Dalit rights violations: Districts like Villupuram, Madurai, Vellore, and Cuddalore have seen complaints of caste-based violence, denial of access to public spaces, untouchability practices, and failure of police and district administration to protect Dalit communities. TNSHRC receives complaints against Tamil Nadu Police and district officials for failure to register FIRs in Dalit atrocity cases, indifference to caste-based violence, and denial of welfare entitlements to SC/ST communities.
Bonded labour in brick kilns: Bonded labour in brick kilns — particularly involving migrant workers and workers from Scheduled Caste communities — is a documented human rights concern in several Tamil Nadu districts. TNSHRC has jurisdiction to inquire into complaints about bonded labour when state officials are responsible for failure to identify, release, and rehabilitate bonded labourers under the Bonded Labour System (Abolition) Act, 1976.

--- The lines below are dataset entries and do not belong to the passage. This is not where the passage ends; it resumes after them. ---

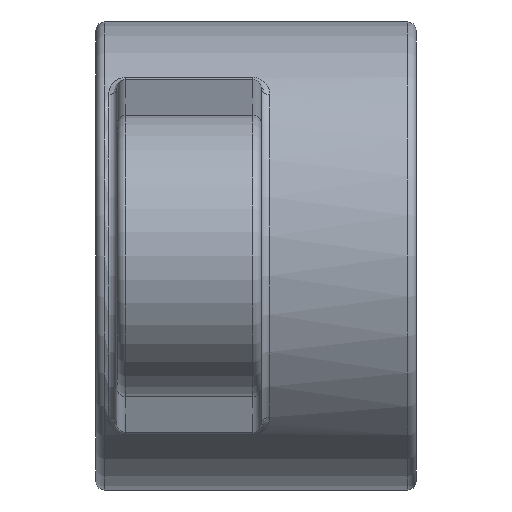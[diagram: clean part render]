
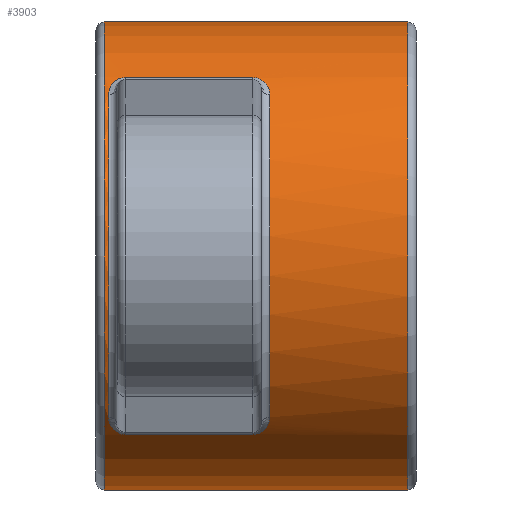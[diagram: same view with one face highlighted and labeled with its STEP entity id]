
A CAD part, left-side view. The second image highlights one B-rep face of the part: STEP entity #3903.
In plain terms, the highlighted cylindrical face has radius 3.325 mm (diameter 6.65 mm), a partial arc.
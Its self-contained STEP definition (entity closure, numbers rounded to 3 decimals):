
#191 = CIRCLE ( 'NONE', #832, 3.325 ) ;
#302 = CARTESIAN_POINT ( 'NONE',  ( -2.2, 2.069, 2.493 ) ) ;
#457 = CARTESIAN_POINT ( 'NONE',  ( -2.151, 1.93, -2.535 ) ) ;
#512 = EDGE_CURVE ( 'NONE', #571, #3821, #1749, .T. ) ;
#556 = CIRCLE ( 'NONE', #6027, 3.325 ) ;
#571 = VERTEX_POINT ( 'NONE', #6784 ) ;
#581 = CYLINDRICAL_SURFACE ( 'NONE', #2160, 3.325 ) ;
#832 = AXIS2_PLACEMENT_3D ( 'NONE', #1960, #1867, #4365 ) ;
#909 = ORIENTED_EDGE ( 'NONE', *, *, #4200, .T. ) ;
#956 = DIRECTION ( 'NONE',  ( 0., 0., 1. ) ) ;
#997 = CARTESIAN_POINT ( 'NONE',  ( -2.163, 2.007, 2.525 ) ) ;
#1007 = EDGE_CURVE ( 'NONE', #6576, #571, #556, .T. ) ;
#1133 = CARTESIAN_POINT ( 'NONE',  ( -2.223, 2.094, -2.472 ) ) ;
#1272 = CARTESIAN_POINT ( 'NONE',  ( -2.224, -0.044, -2.472 ) ) ;
#1485 = CARTESIAN_POINT ( 'NONE',  ( -2.408, 2.17, 2.293 ) ) ;
#1509 = CIRCLE ( 'NONE', #6070, 3.325 ) ;
#1528 = CARTESIAN_POINT ( 'NONE',  ( -2.408, 2.17, 2.293 ) ) ;
#1646 = CARTESIAN_POINT ( 'NONE',  ( -2.354, -0.12, 2.349 ) ) ;
#1749 = B_SPLINE_CURVE_WITH_KNOTS ( 'NONE', 3,
 ( #6872, #7518, #7434, #1272, #3095, #5574, #6826, #8043 ),
 .UNSPECIFIED., .F., .F.,
 ( 4, 2, 2, 4 ),
 ( 0., 0., 0., 0. ),
 .UNSPECIFIED. ) ;
#1847 = ORIENTED_EDGE ( 'NONE', *, *, #4812, .T. ) ;
#1867 = DIRECTION ( 'NONE',  ( 0., 1., 0. ) ) ;
#1881 = VERTEX_POINT ( 'NONE', #2670 ) ;
#1925 = CARTESIAN_POINT ( 'NONE',  ( -2.163, 2.007, -2.525 ) ) ;
#1960 = CARTESIAN_POINT ( 'NONE',  ( 0., -2.08, 0. ) ) ;
#1971 = VERTEX_POINT ( 'NONE', #4062 ) ;
#2145 = EDGE_CURVE ( 'NONE', #4040, #7276, #8045, .T. ) ;
#2160 = AXIS2_PLACEMENT_3D ( 'NONE', #4591, #3412, #3854 ) ;
#2279 = CARTESIAN_POINT ( 'NONE',  ( -2.151, 1.93, 2.535 ) ) ;
#2294 = DIRECTION ( 'NONE',  ( 0., 1., 0. ) ) ;
#2347 = CARTESIAN_POINT ( 'NONE',  ( -2.298, -0.101, 2.404 ) ) ;
#2380 = CARTESIAN_POINT ( 'NONE',  ( -2.151, 1.97, -2.535 ) ) ;
#2473 = CARTESIAN_POINT ( 'NONE',  ( -2.151, 0.12, 2.535 ) ) ;
#2670 = CARTESIAN_POINT ( 'NONE',  ( 0., -2.08, -3.325 ) ) ;
#2734 = VERTEX_POINT ( 'NONE', #6774 ) ;
#2793 = CARTESIAN_POINT ( 'NONE',  ( -2.223, -0.044, 2.472 ) ) ;
#2888 = CARTESIAN_POINT ( 'NONE',  ( -2.224, 2.094, 2.472 ) ) ;
#2890 = ORIENTED_EDGE ( 'NONE', *, *, #4749, .T. ) ;
#2928 = CARTESIAN_POINT ( 'NONE',  ( -2.151, 1.97, 2.535 ) ) ;
#2935 = CARTESIAN_POINT ( 'NONE',  ( 0., -0.12, 0. ) ) ;
#2964 = LINE ( 'NONE', #8062, #3491 ) ;
#2972 = DIRECTION ( 'NONE',  ( 0., 1., 0. ) ) ;
#3002 = CARTESIAN_POINT ( 'NONE',  ( -2.151, -13.805, 2.535 ) ) ;
#3095 = CARTESIAN_POINT ( 'NONE',  ( -2.2, -0.019, -2.493 ) ) ;
#3274 = B_SPLINE_CURVE_WITH_KNOTS ( 'NONE', 3,
 ( #7918, #5966, #7225, #4801, #2793, #2347, #1646, #6617 ),
 .UNSPECIFIED., .F., .F.,
 ( 4, 2, 2, 4 ),
 ( 0., 0., 0., 0. ),
 .UNSPECIFIED. ) ;
#3412 = DIRECTION ( 'NONE',  ( 0., 1., 0. ) ) ;
#3457 = ORIENTED_EDGE ( 'NONE', *, *, #2145, .T. ) ;
#3491 = VECTOR ( 'NONE', #3611, 1000. ) ;
#3508 = DIRECTION ( 'NONE',  ( 0., -1., 0. ) ) ;
#3599 = CARTESIAN_POINT ( 'NONE',  ( 0., 2.23, -3.325 ) ) ;
#3611 = DIRECTION ( 'NONE',  ( 0., 1., 0. ) ) ;
#3621 = CARTESIAN_POINT ( 'NONE',  ( 0., 2.23, 0. ) ) ;
#3639 = CARTESIAN_POINT ( 'NONE',  ( -2.408, -0.12, 2.293 ) ) ;
#3644 = CARTESIAN_POINT ( 'NONE',  ( -2.354, 2.17, -2.349 ) ) ;
#3692 = FACE_OUTER_BOUND ( 'NONE', #7625, .T. ) ;
#3721 = DIRECTION ( 'NONE',  ( 0., -1., 0. ) ) ;
#3736 = CARTESIAN_POINT ( 'NONE',  ( -2.151, 0.12, -2.535 ) ) ;
#3739 = EDGE_CURVE ( 'NONE', #7795, #6587, #7475, .T. ) ;
#3821 = VERTEX_POINT ( 'NONE', #3736 ) ;
#3854 = DIRECTION ( 'NONE',  ( 0., 0., 1. ) ) ;
#3893 = ORIENTED_EDGE ( 'NONE', *, *, #5730, .T. ) ;
#3903 = ADVANCED_FACE ( 'NONE', ( #3692, #6168 ), #581, .T. ) ;
#4040 = VERTEX_POINT ( 'NONE', #457 ) ;
#4062 = CARTESIAN_POINT ( 'NONE',  ( -2.151, 1.93, 2.535 ) ) ;
#4184 = ORIENTED_EDGE ( 'NONE', *, *, #6129, .T. ) ;
#4200 = EDGE_CURVE ( 'NONE', #1971, #7329, #6804, .T. ) ;
#4256 = VECTOR ( 'NONE', #3721, 1000. ) ;
#4262 = VECTOR ( 'NONE', #7737, 1000. ) ;
#4348 = EDGE_CURVE ( 'NONE', #2734, #7795, #5202, .T. ) ;
#4365 = DIRECTION ( 'NONE',  ( 0., 0., 1. ) ) ;
#4418 = CARTESIAN_POINT ( 'NONE',  ( -2.151, 1.93, -2.535 ) ) ;
#4549 = ORIENTED_EDGE ( 'NONE', *, *, #1007, .T. ) ;
#4591 = CARTESIAN_POINT ( 'NONE',  ( 0., -13.805, 0. ) ) ;
#4703 = VECTOR ( 'NONE', #2294, 1000. ) ;
#4749 = EDGE_CURVE ( 'NONE', #7155, #1971, #5666, .T. ) ;
#4801 = CARTESIAN_POINT ( 'NONE',  ( -2.2, -0.019, 2.493 ) ) ;
#4811 = DIRECTION ( 'NONE',  ( 0., 0., 1. ) ) ;
#4812 = EDGE_CURVE ( 'NONE', #7276, #7155, #1509, .T. ) ;
#4868 = CARTESIAN_POINT ( 'NONE',  ( -2.2, 2.069, -2.493 ) ) ;
#4918 = ORIENTED_EDGE ( 'NONE', *, *, #512, .T. ) ;
#5202 = LINE ( 'NONE', #7171, #4262 ) ;
#5297 = EDGE_CURVE ( 'NONE', #1881, #6587, #2964, .T. ) ;
#5298 = CARTESIAN_POINT ( 'NONE',  ( 0., 2.23, 3.325 ) ) ;
#5512 = CARTESIAN_POINT ( 'NONE',  ( -2.298, 2.151, -2.404 ) ) ;
#5574 = CARTESIAN_POINT ( 'NONE',  ( -2.163, 0.043, -2.525 ) ) ;
#5666 = B_SPLINE_CURVE_WITH_KNOTS ( 'NONE', 3,
 ( #1528, #7883, #7153, #2888, #302, #997, #2928, #2279 ),
 .UNSPECIFIED., .F., .F.,
 ( 4, 2, 2, 4 ),
 ( 0., 0., 0., 0. ),
 .UNSPECIFIED. ) ;
#5730 = EDGE_CURVE ( 'NONE', #1881, #2734, #191, .T. ) ;
#5763 = ORIENTED_EDGE ( 'NONE', *, *, #5297, .F. ) ;
#5885 = CARTESIAN_POINT ( 'NONE',  ( 0., 2.17, 0. ) ) ;
#5966 = CARTESIAN_POINT ( 'NONE',  ( -2.151, 0.08, 2.535 ) ) ;
#5992 = CARTESIAN_POINT ( 'NONE',  ( -2.151, -13.805, -2.535 ) ) ;
#6027 = AXIS2_PLACEMENT_3D ( 'NONE', #2935, #6664, #956 ) ;
#6070 = AXIS2_PLACEMENT_3D ( 'NONE', #5885, #2972, #7839 ) ;
#6114 = CARTESIAN_POINT ( 'NONE',  ( -2.408, 2.17, -2.293 ) ) ;
#6129 = EDGE_CURVE ( 'NONE', #7329, #6576, #3274, .T. ) ;
#6168 = FACE_BOUND ( 'NONE', #7352, .T. ) ;
#6244 = ORIENTED_EDGE ( 'NONE', *, *, #4348, .T. ) ;
#6576 = VERTEX_POINT ( 'NONE', #3639 ) ;
#6587 = VERTEX_POINT ( 'NONE', #3599 ) ;
#6617 = CARTESIAN_POINT ( 'NONE',  ( -2.408, -0.12, 2.293 ) ) ;
#6664 = DIRECTION ( 'NONE',  ( 0., -1., 0. ) ) ;
#6774 = CARTESIAN_POINT ( 'NONE',  ( 0., -2.08, 3.325 ) ) ;
#6784 = CARTESIAN_POINT ( 'NONE',  ( -2.408, -0.12, -2.293 ) ) ;
#6804 = LINE ( 'NONE', #3002, #4256 ) ;
#6826 = CARTESIAN_POINT ( 'NONE',  ( -2.151, 0.08, -2.535 ) ) ;
#6872 = CARTESIAN_POINT ( 'NONE',  ( -2.408, -0.12, -2.293 ) ) ;
#7128 = ORIENTED_EDGE ( 'NONE', *, *, #7567, .T. ) ;
#7153 = CARTESIAN_POINT ( 'NONE',  ( -2.298, 2.151, 2.404 ) ) ;
#7155 = VERTEX_POINT ( 'NONE', #1485 ) ;
#7171 = CARTESIAN_POINT ( 'NONE',  ( 0., -13.805, 3.325 ) ) ;
#7225 = CARTESIAN_POINT ( 'NONE',  ( -2.163, 0.043, 2.525 ) ) ;
#7276 = VERTEX_POINT ( 'NONE', #8002 ) ;
#7329 = VERTEX_POINT ( 'NONE', #2473 ) ;
#7352 = EDGE_LOOP ( 'NONE', ( #4549, #4918, #7128, #3457, #1847, #2890, #909, #4184 ) ) ;
#7434 = CARTESIAN_POINT ( 'NONE',  ( -2.298, -0.101, -2.404 ) ) ;
#7475 = CIRCLE ( 'NONE', #7604, 3.325 ) ;
#7502 = ORIENTED_EDGE ( 'NONE', *, *, #3739, .T. ) ;
#7518 = CARTESIAN_POINT ( 'NONE',  ( -2.354, -0.12, -2.349 ) ) ;
#7567 = EDGE_CURVE ( 'NONE', #3821, #4040, #7815, .T. ) ;
#7604 = AXIS2_PLACEMENT_3D ( 'NONE', #3621, #3508, #4811 ) ;
#7625 = EDGE_LOOP ( 'NONE', ( #5763, #3893, #6244, #7502 ) ) ;
#7737 = DIRECTION ( 'NONE',  ( 0., 1., 0. ) ) ;
#7795 = VERTEX_POINT ( 'NONE', #5298 ) ;
#7815 = LINE ( 'NONE', #5992, #4703 ) ;
#7839 = DIRECTION ( 'NONE',  ( 0., 0., 1. ) ) ;
#7883 = CARTESIAN_POINT ( 'NONE',  ( -2.354, 2.17, 2.349 ) ) ;
#7918 = CARTESIAN_POINT ( 'NONE',  ( -2.151, 0.12, 2.535 ) ) ;
#8002 = CARTESIAN_POINT ( 'NONE',  ( -2.408, 2.17, -2.293 ) ) ;
#8043 = CARTESIAN_POINT ( 'NONE',  ( -2.151, 0.12, -2.535 ) ) ;
#8045 = B_SPLINE_CURVE_WITH_KNOTS ( 'NONE', 3,
 ( #4418, #2380, #1925, #4868, #1133, #5512, #3644, #6114 ),
 .UNSPECIFIED., .F., .F.,
 ( 4, 2, 2, 4 ),
 ( 0., 0., 0., 0. ),
 .UNSPECIFIED. ) ;
#8062 = CARTESIAN_POINT ( 'NONE',  ( 0., -13.805, -3.325 ) ) ;

Manual scavenging deaths: Tamil Nadu has recorded deaths of sanitation workers entering sewage pits and sewers without safety equipment. These deaths — involving municipal corporation and local body employees or contracted workers — raise serious human rights concerns. TNSHRC can inquire into complaints about the death of sanitation workers and the failure of state local bodies to comply with the Prohibition of Employment as Manual Scavengers and their Rehabilitation Act, 2013.
Prison conditions and prisoner rights: Overcrowding, violence within prisons, denial of medical care to prisoners, and illegal detention beyond the period authorised by a court are recurring concerns across Tamil Nadu's prison system. TNSHRC has the power to visit prisons and remand homes and inquire into conditions. Families of prisoners who have no information about a complaint they filed with TNSHRC about their relative's treatment in prison can use RTI to find out what the Commission has done.
TNSHRC vs NHRC: Understanding the Jurisdictional Divide
Before filing a complaint or an RTI application, it is essential to understand the boundary between TNSHRC's jurisdiction and that of the National Human Rights Commission (NHRC). Confusing the two can result in wasted time and misdirected RTI applications.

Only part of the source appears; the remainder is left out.